3. The preparation method according to claim 1, wherein the mass ratio of the graphene oxide-tungsten copper oxide, the ammonia water and the hydrazine hydrate in the step S2 is 100:3-7:1-3, wherein the concentration of the ammonia water is 25-30wt%, the heating temperature is 80-100 ℃, and the reaction time is 1-3h.

4. The preparation method according to claim 1, wherein the low-temperature hydrogen reduction in step S3 is performed by introducing hydrogen at 650-750 ℃ for 2-4 hours using a strongly-draining and breathable tubular furnace, and the hydrogen ventilation is 12-17L/min.
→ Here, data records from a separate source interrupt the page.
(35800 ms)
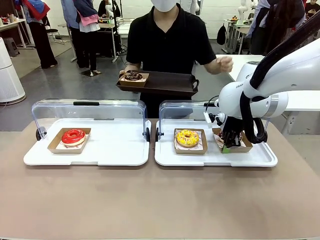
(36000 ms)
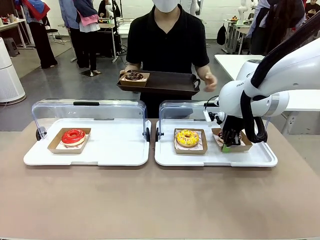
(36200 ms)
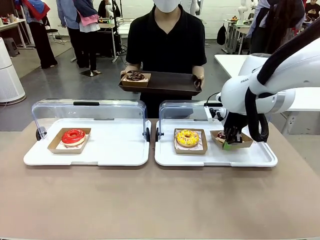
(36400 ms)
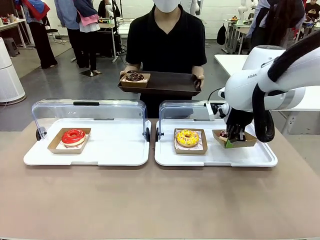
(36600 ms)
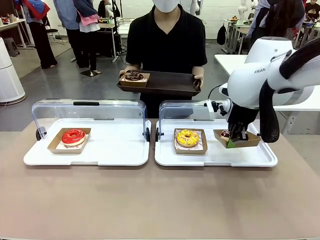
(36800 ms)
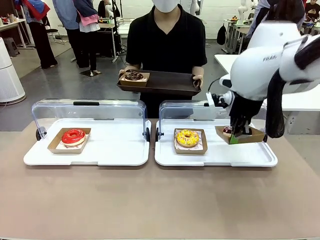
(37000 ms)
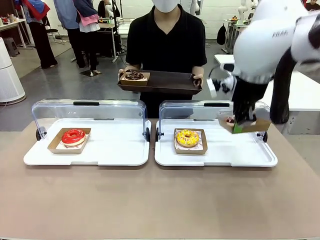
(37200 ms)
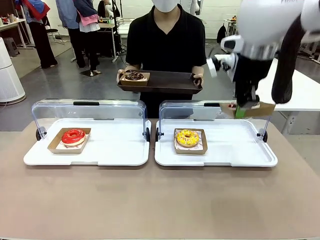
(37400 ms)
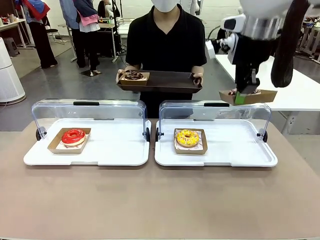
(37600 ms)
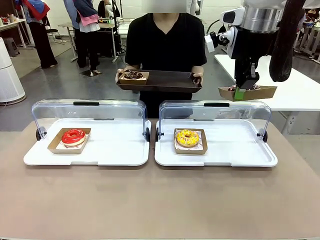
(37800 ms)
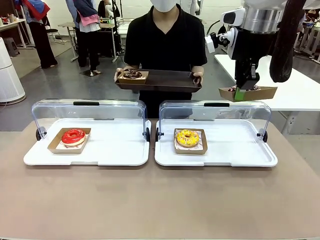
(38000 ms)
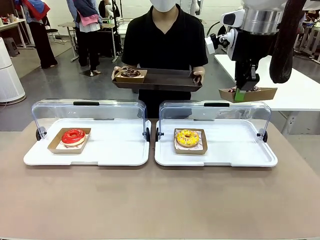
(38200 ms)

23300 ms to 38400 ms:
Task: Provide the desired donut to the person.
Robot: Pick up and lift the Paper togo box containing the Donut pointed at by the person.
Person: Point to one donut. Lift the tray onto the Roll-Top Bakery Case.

5. The preparation method according to claim 1, wherein the concentration of tin chloride in the mixed solution of tin chloride and hydrochloric acid in step S4 is 10-15g/L, the concentration of hydrochloric acid is 0.5-1mol/L, the concentration of palladium chloride in the mixed solution of palladium chloride and hydrochloric acid is 0.3-0.5g/L, the concentration of hydrochloric acid is 0.5-1mol/L, the first time period is 4-5min, and the second time period is 30-40min.

6. The preparation method according to claim 1, wherein the mass ratio of the pretreated graphene-tungsten copper alloy to the electroless plating solution in the step S6 is 30-50:1000, the temperature of the heating and stirring reaction is 35-40 ℃, and the time is 10-20min.

7. The preparation method according to claim 1, wherein in the step S7, the mass ratio of the Ni-Cr activated graphene-tungsten copper alloy, aluminum isopropoxide and water is 100:15-17:5-10, the stirring reaction time is 0.5-1h, the roasting temperature is 300-500 ℃ and the time is 1-2h, and the vacuum pressure sintering conditions are as follows: the sintering time is 40-60min at room temperature-600 ℃, the pressure is 30-35MPa, the sintering time is 50-70min, the sintering time is 850-1000 ℃ and the sintering time is 70-90min.

8. A high strength tungsten copper alloy made by the method of any one of claims 1-7.